--- Given data Enclosed Below ---

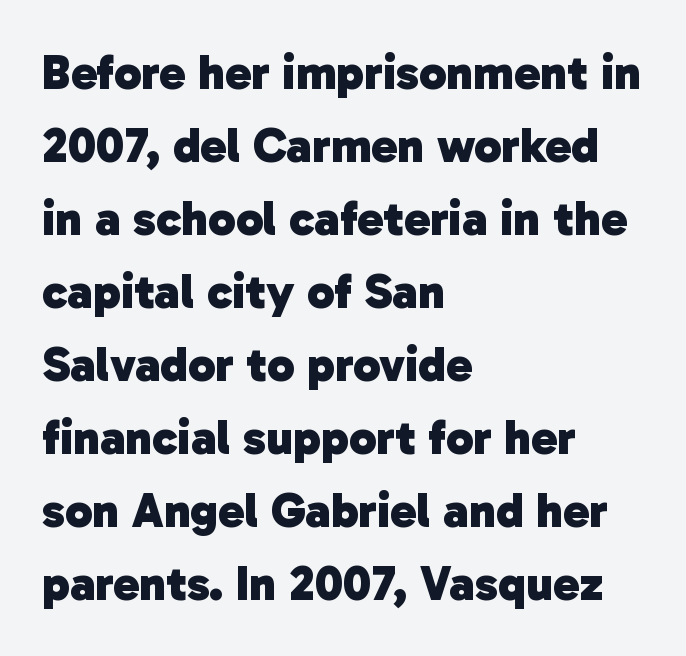
The image shows 49 px heavy sans-serif type; set left-aligned, normal line spacing (1.49x), normal letter spacing, not underlined; low stroke contrast and a medium x-height.
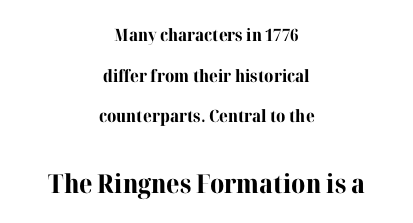
{"italic": "no", "bold": "yes", "underline": "no", "align": "center", "line_spacing": "loose", "line_spacing_ratio": 2.39, "letter_spacing": "normal", "letter_spacing_em": 0.0, "larger_block": "second", "size_ratio": 1.53, "glyph_px": 26}
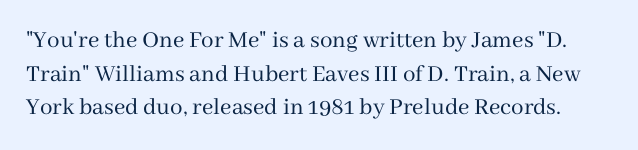
Q: Is the text bold? A: No.
Q: Is the text italic (slanted)? A: No, it is upright.
Q: Is the text underlined? A: No.
Q: Is the spacing between letters normal or unusually wide? A: Normal.
Q: Is the spacing between lines tight, normal or loose? A: Normal.
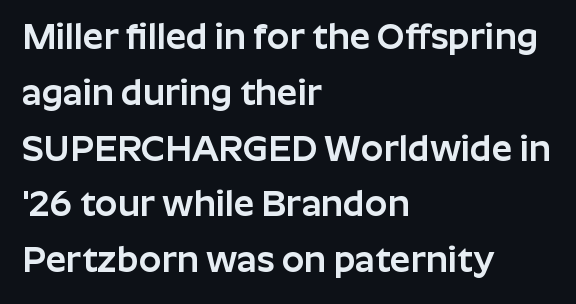
Q: Is the text italic (slanted)? A: No, it is upright.
Q: Is the typeface a serif or a sans-serif typeface? A: Sans-serif.
Q: Is the text underlined? A: No.
Q: How is the paragraph aligned? A: Left-aligned.
Q: Is the spacing between letters normal or unusually wide? A: Normal.
Q: Is the spacing between lines tight, normal or loose? A: Normal.
Q: Width (condensed, normal, or wide)? A: Normal.
Q: Stroke contrast? A: Low.
Q: x-height? A: Medium.
Q: Monospaced? A: No.
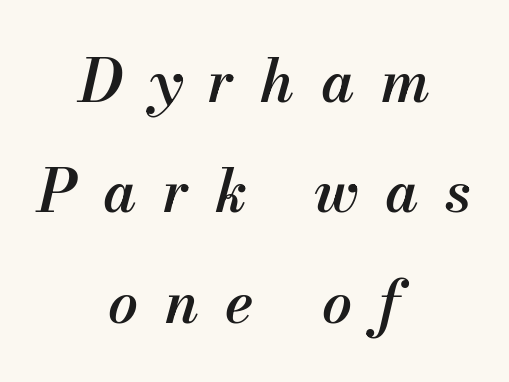
{"italic": "yes", "lean": "right", "slant_degrees": 13, "bold": "semi", "weight": "semibold", "width": "normal", "stroke_contrast": "medium", "x_height": "small", "monospaced": "no", "underline": "no", "align": "center", "line_spacing_ratio": 1.87, "letter_spacing": "wide", "letter_spacing_em": 0.45, "glyph_px": 59}
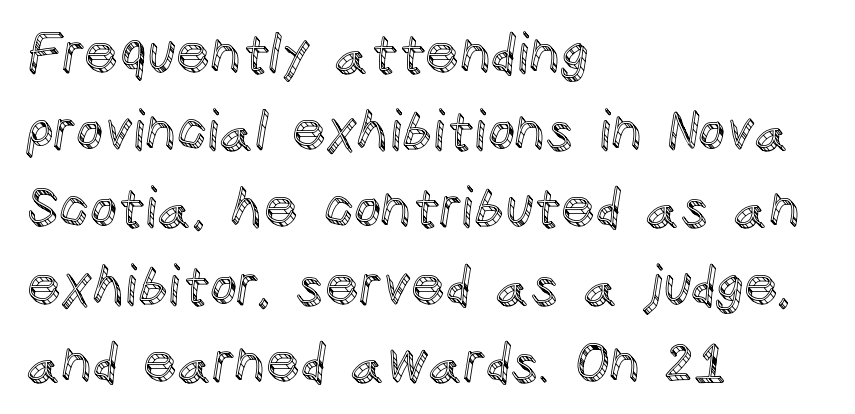
In terms of leading, this rendering sits right in the middle. Anything drawn beneath the words? Only blank space. Between one letter and the next there's only the usual sliver of space. A classic flush-left, rag-right setting is used for this passage.
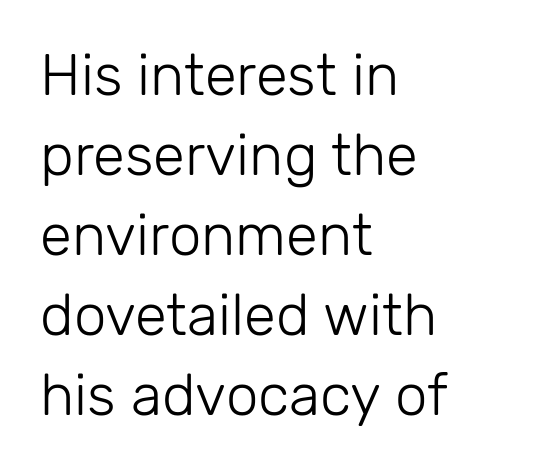
The image shows 58 px light sans-serif type, upright; set left-aligned, normal line spacing (1.38x), normal letter spacing, not underlined; low stroke contrast and a medium x-height.
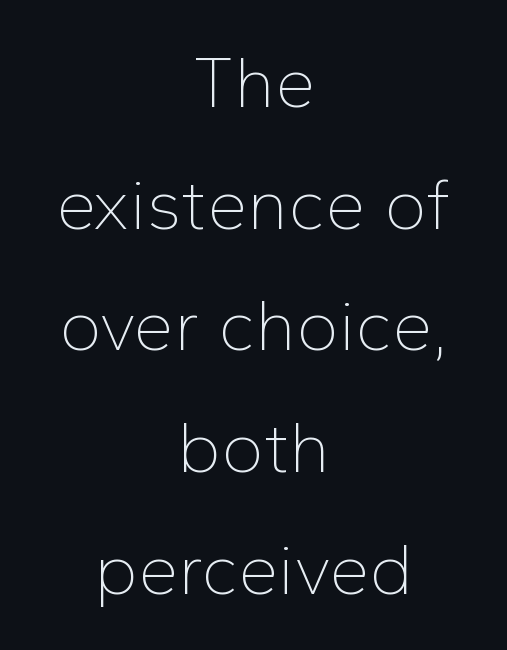
{"serif": "no", "italic": "no", "bold": "no", "weight": "thin", "width": "normal", "stroke_contrast": "low", "x_height": "medium", "monospaced": "no", "underline": "no", "align": "center", "line_spacing": "normal", "line_spacing_ratio": 1.69, "letter_spacing": "normal", "letter_spacing_em": 0.0, "glyph_px": 72}
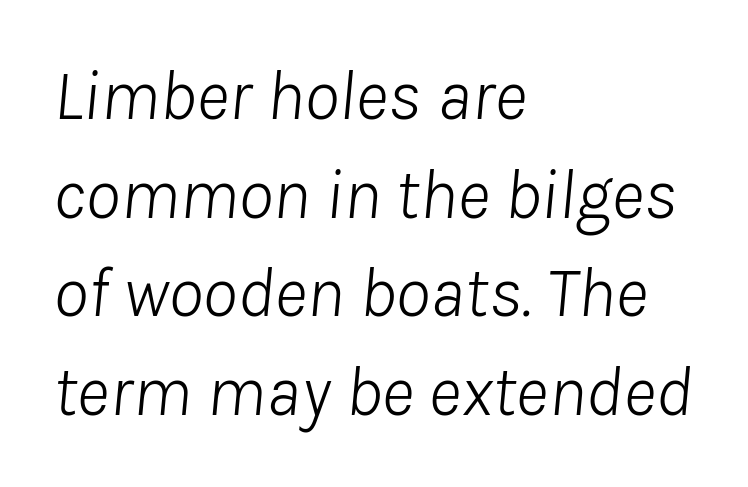
The image shows 71 px light type, italic (leaning right); set left-aligned, normal line spacing (1.39x), normal letter spacing, not underlined; low stroke contrast and a medium x-height.
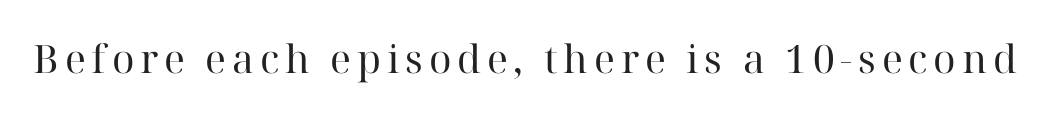
The image shows 39 px regular-weight serif type, upright; set not underlined; high stroke contrast and a medium x-height.
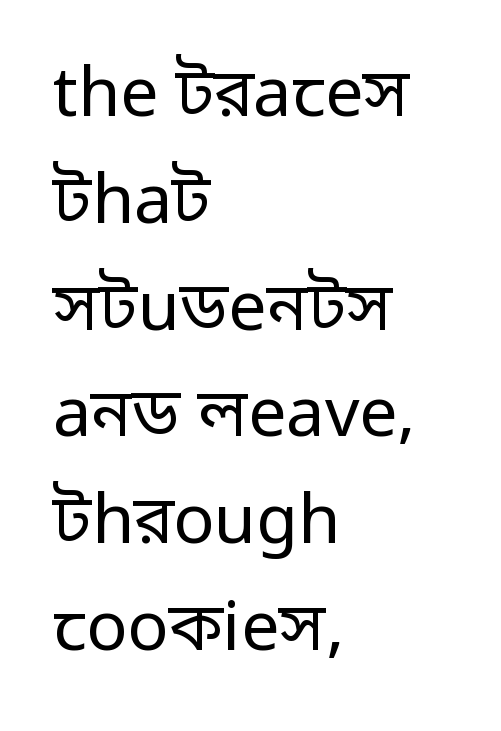
Q: Is the text bold? A: No.
Q: Is the text italic (slanted)? A: No, it is upright.
Q: Is the typeface a serif or a sans-serif typeface? A: Sans-serif.
Q: Is the text underlined? A: No.
Q: How is the paragraph aligned? A: Left-aligned.
Q: Is the spacing between letters normal or unusually wide? A: Normal.
Q: Is the spacing between lines tight, normal or loose? A: Normal.
Q: Width (condensed, normal, or wide)? A: Normal.
Q: Stroke contrast? A: Low.
Q: x-height? A: Medium.
Q: Monospaced? A: No.
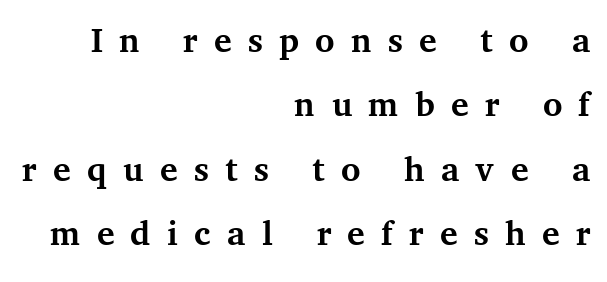
Letterform terminals end in serifs throughout the passage. Horizontal alignment here is rightward, an uncommon choice for prose. The sample has been set heavy, in full bold. These lines were composed using upright roman letters. Unmarked baselines from the first word to the last.
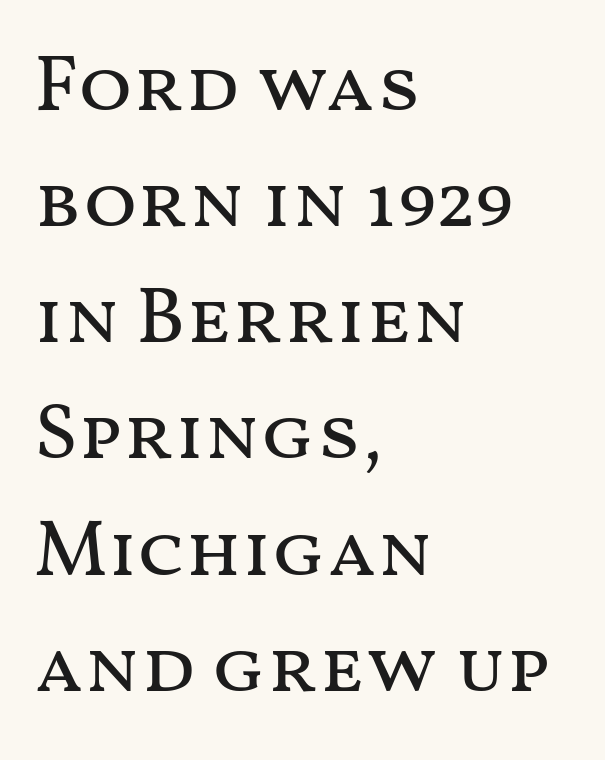
The image shows 79 px regular-weight, wide type, upright; set left-aligned, normal line spacing (1.47x), normal letter spacing, not underlined; medium stroke contrast and a medium x-height.
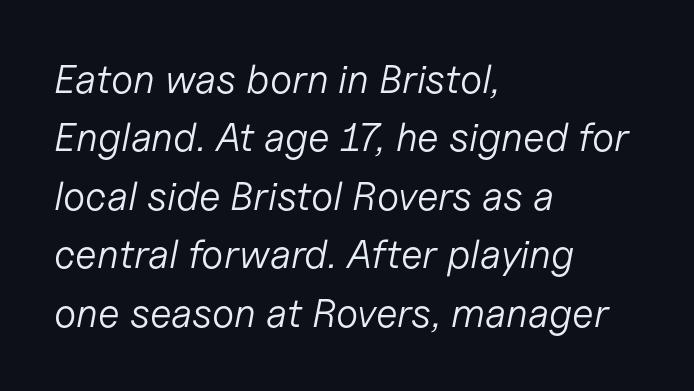
Is the letter spacing exaggerated? No — it looks like the ordinary default. Emphasis-style slanted type is in use. The paragraph shown leans on its left margin. Here the designer chose a conventional face with non-uniform glyph widths. A quiet, ordinary-to-light weight characterises the typeface. Line spacing here is normal.
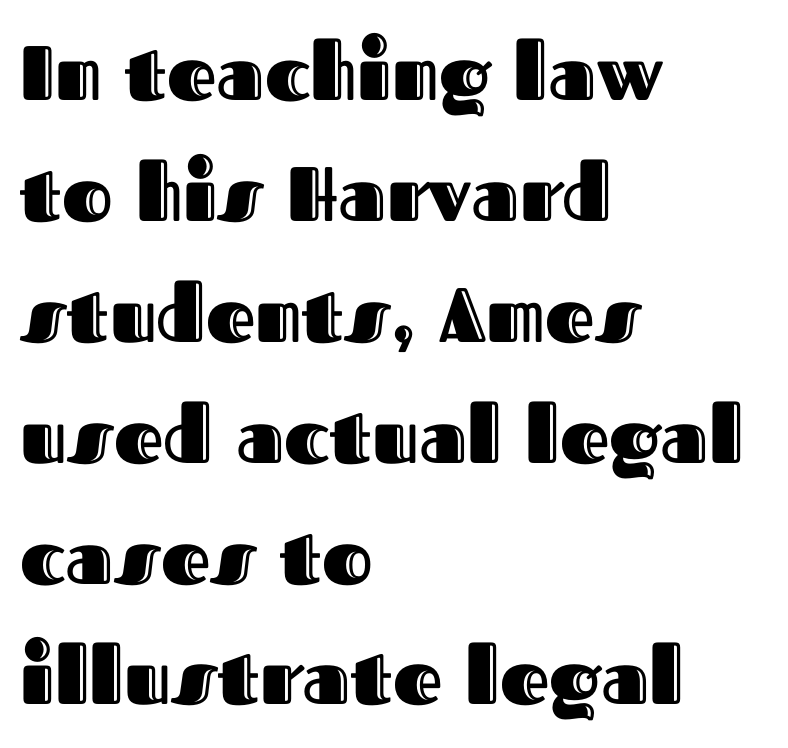
{"italic": "no", "width": "normal", "x_height": "medium", "monospaced": "no", "underline": "no", "align": "left", "line_spacing": "normal", "line_spacing_ratio": 1.57, "letter_spacing": "normal", "letter_spacing_em": 0.0, "glyph_px": 77}
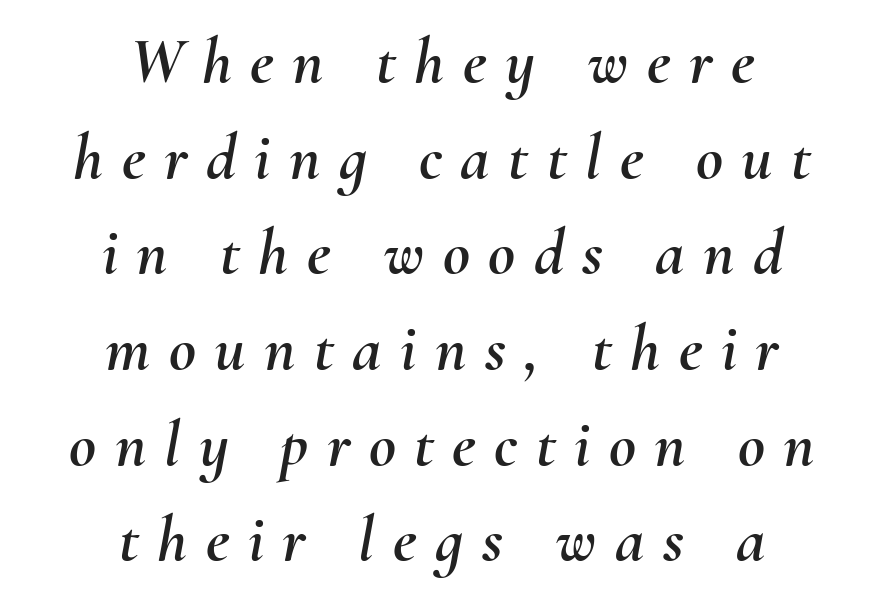
{"italic": "yes", "lean": "right", "slant_degrees": 10, "width": "normal", "stroke_contrast": "medium", "x_height": "small", "monospaced": "no", "underline": "no", "align": "center", "line_spacing": "normal", "line_spacing_ratio": 1.45, "letter_spacing": "wide", "letter_spacing_em": 0.28, "glyph_px": 66}
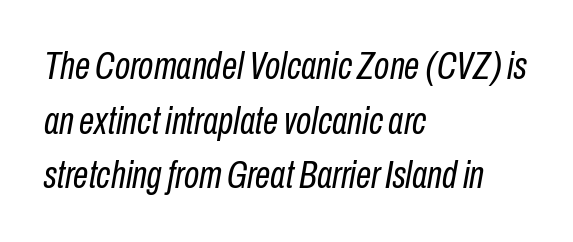
{"italic": "yes", "lean": "right", "slant_degrees": 10, "bold": "no", "weight": "regular", "width": "condensed", "stroke_contrast": "low", "x_height": "medium", "monospaced": "no", "underline": "no", "align": "left", "line_spacing": "normal", "line_spacing_ratio": 1.4, "letter_spacing": "normal", "letter_spacing_em": 0.0, "glyph_px": 39}
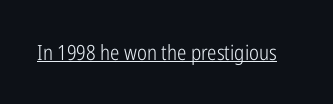
Italic: no, the glyphs are upright roman. You can see a thin bar hugging the bottom of the glyphs. Nothing heavy about these letters — not bold at all. Look at the tracking — it's just the regular setting, nothing added.
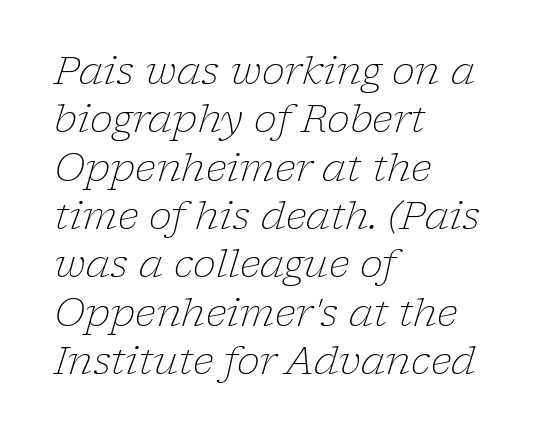
{"serif": "yes", "italic": "yes", "lean": "right", "slant_degrees": 17, "bold": "no", "weight": "light", "width": "normal", "stroke_contrast": "low", "x_height": "medium", "monospaced": "no", "underline": "no", "align": "left", "line_spacing_ratio": 1.24, "letter_spacing": "normal", "letter_spacing_em": 0.0, "glyph_px": 39}
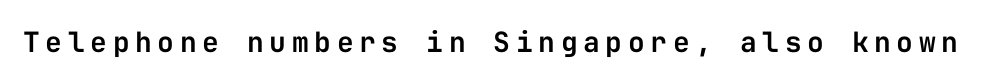
{"serif": "no", "italic": "no", "width": "normal", "stroke_contrast": "low", "x_height": "medium", "monospaced": "yes", "underline": "no", "letter_spacing": "wide", "letter_spacing_em": 0.2, "glyph_px": 28}
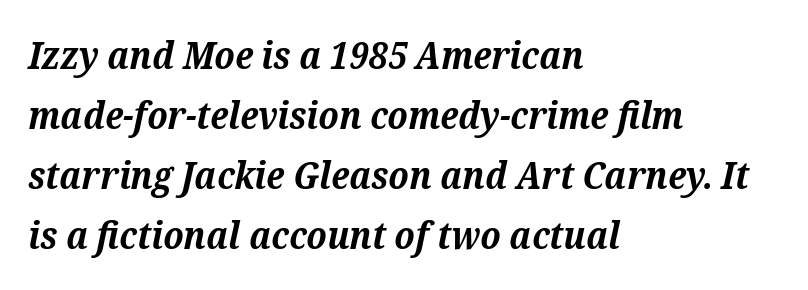
{"serif": "yes", "italic": "yes", "lean": "right", "slant_degrees": 12, "bold": "yes", "weight": "bold", "width": "normal", "stroke_contrast": "medium", "x_height": "medium", "monospaced": "no", "underline": "no", "align": "left", "line_spacing": "normal", "line_spacing_ratio": 1.58, "letter_spacing": "normal", "letter_spacing_em": 0.0, "glyph_px": 38}
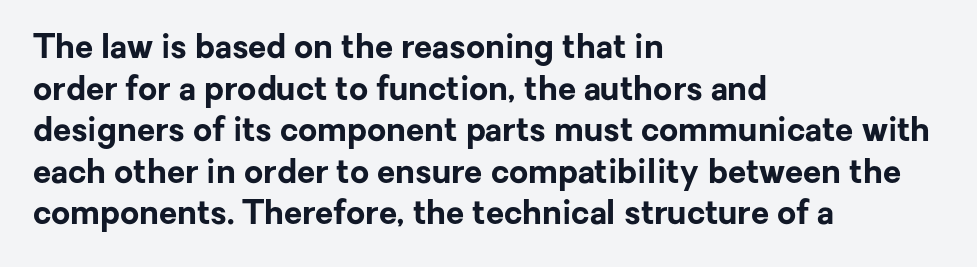
The letters carry no serifs — their stems end cleanly without finishing strokes. This rendering leaves character spacing at its baseline value. The lettering holds an erect, upright posture throughout. Quick note: underline off. The rendering uses a bold face; every stroke is thick and dark. Leading: standard.

--- End of Enclosed Given data ---

Return all of the entries exactly as written, but drop any pictures they hold.

■ Output of the exercise ■
The image shows 49 px heavy sans-serif type; set left-aligned, normal line spacing (1.49x), normal letter spacing, not underlined; low stroke contrast and a medium x-height.
{"italic": "no", "bold": "yes", "underline": "no", "align": "center", "line_spacing": "loose", "line_spacing_ratio": 2.39, "letter_spacing": "normal", "letter_spacing_em": 0.0, "larger_block": "second", "size_ratio": 1.53, "glyph_px": 26}
Q: Is the text bold? A: No.
Q: Is the text italic (slanted)? A: No, it is upright.
Q: Is the text underlined? A: No.
Q: Is the spacing between letters normal or unusually wide? A: Normal.
Q: Is the spacing between lines tight, normal or loose? A: Normal.
Q: Is the text italic (slanted)? A: No, it is upright.
Q: Is the typeface a serif or a sans-serif typeface? A: Sans-serif.
Q: Is the text underlined? A: No.
Q: How is the paragraph aligned? A: Left-aligned.
Q: Is the spacing between letters normal or unusually wide? A: Normal.
Q: Is the spacing between lines tight, normal or loose? A: Normal.
Q: Width (condensed, normal, or wide)? A: Normal.
Q: Stroke contrast? A: Low.
Q: x-height? A: Medium.
Q: Monospaced? A: No.
{"italic": "yes", "lean": "right", "slant_degrees": 13, "bold": "semi", "weight": "semibold", "width": "normal", "stroke_contrast": "medium", "x_height": "small", "monospaced": "no", "underline": "no", "align": "center", "line_spacing_ratio": 1.87, "letter_spacing": "wide", "letter_spacing_em": 0.45, "glyph_px": 59}
In terms of leading, this rendering sits right in the middle. Anything drawn beneath the words? Only blank space. Between one letter and the next there's only the usual sliver of space. A classic flush-left, rag-right setting is used for this passage.
The image shows 58 px light sans-serif type, upright; set left-aligned, normal line spacing (1.38x), normal letter spacing, not underlined; low stroke contrast and a medium x-height.
{"serif": "no", "italic": "no", "bold": "no", "weight": "thin", "width": "normal", "stroke_contrast": "low", "x_height": "medium", "monospaced": "no", "underline": "no", "align": "center", "line_spacing": "normal", "line_spacing_ratio": 1.69, "letter_spacing": "normal", "letter_spacing_em": 0.0, "glyph_px": 72}
The image shows 71 px light type, italic (leaning right); set left-aligned, normal line spacing (1.39x), normal letter spacing, not underlined; low stroke contrast and a medium x-height.
The image shows 39 px regular-weight serif type, upright; set not underlined; high stroke contrast and a medium x-height.
Q: Is the text bold? A: No.
Q: Is the text italic (slanted)? A: No, it is upright.
Q: Is the typeface a serif or a sans-serif typeface? A: Sans-serif.
Q: Is the text underlined? A: No.
Q: How is the paragraph aligned? A: Left-aligned.
Q: Is the spacing between letters normal or unusually wide? A: Normal.
Q: Is the spacing between lines tight, normal or loose? A: Normal.
Q: Width (condensed, normal, or wide)? A: Normal.
Q: Stroke contrast? A: Low.
Q: x-height? A: Medium.
Q: Monospaced? A: No.
Letterform terminals end in serifs throughout the passage. Horizontal alignment here is rightward, an uncommon choice for prose. The sample has been set heavy, in full bold. These lines were composed using upright roman letters. Unmarked baselines from the first word to the last.
The image shows 79 px regular-weight, wide type, upright; set left-aligned, normal line spacing (1.47x), normal letter spacing, not underlined; medium stroke contrast and a medium x-height.
Is the letter spacing exaggerated? No — it looks like the ordinary default. Emphasis-style slanted type is in use. The paragraph shown leans on its left margin. Here the designer chose a conventional face with non-uniform glyph widths. A quiet, ordinary-to-light weight characterises the typeface. Line spacing here is normal.
{"italic": "no", "width": "normal", "x_height": "medium", "monospaced": "no", "underline": "no", "align": "left", "line_spacing": "normal", "line_spacing_ratio": 1.57, "letter_spacing": "normal", "letter_spacing_em": 0.0, "glyph_px": 77}
{"italic": "yes", "lean": "right", "slant_degrees": 10, "width": "normal", "stroke_contrast": "medium", "x_height": "small", "monospaced": "no", "underline": "no", "align": "center", "line_spacing": "normal", "line_spacing_ratio": 1.45, "letter_spacing": "wide", "letter_spacing_em": 0.28, "glyph_px": 66}
{"italic": "yes", "lean": "right", "slant_degrees": 10, "bold": "no", "weight": "regular", "width": "condensed", "stroke_contrast": "low", "x_height": "medium", "monospaced": "no", "underline": "no", "align": "left", "line_spacing": "normal", "line_spacing_ratio": 1.4, "letter_spacing": "normal", "letter_spacing_em": 0.0, "glyph_px": 39}
Italic: no, the glyphs are upright roman. You can see a thin bar hugging the bottom of the glyphs. Nothing heavy about these letters — not bold at all. Look at the tracking — it's just the regular setting, nothing added.
{"serif": "yes", "italic": "yes", "lean": "right", "slant_degrees": 17, "bold": "no", "weight": "light", "width": "normal", "stroke_contrast": "low", "x_height": "medium", "monospaced": "no", "underline": "no", "align": "left", "line_spacing_ratio": 1.24, "letter_spacing": "normal", "letter_spacing_em": 0.0, "glyph_px": 39}
{"serif": "no", "italic": "no", "width": "normal", "stroke_contrast": "low", "x_height": "medium", "monospaced": "yes", "underline": "no", "letter_spacing": "wide", "letter_spacing_em": 0.2, "glyph_px": 28}
{"serif": "yes", "italic": "yes", "lean": "right", "slant_degrees": 12, "bold": "yes", "weight": "bold", "width": "normal", "stroke_contrast": "medium", "x_height": "medium", "monospaced": "no", "underline": "no", "align": "left", "line_spacing": "normal", "line_spacing_ratio": 1.58, "letter_spacing": "normal", "letter_spacing_em": 0.0, "glyph_px": 38}
The letters carry no serifs — their stems end cleanly without finishing strokes. This rendering leaves character spacing at its baseline value. The lettering holds an erect, upright posture throughout. Quick note: underline off. The rendering uses a bold face; every stroke is thick and dark. Leading: standard.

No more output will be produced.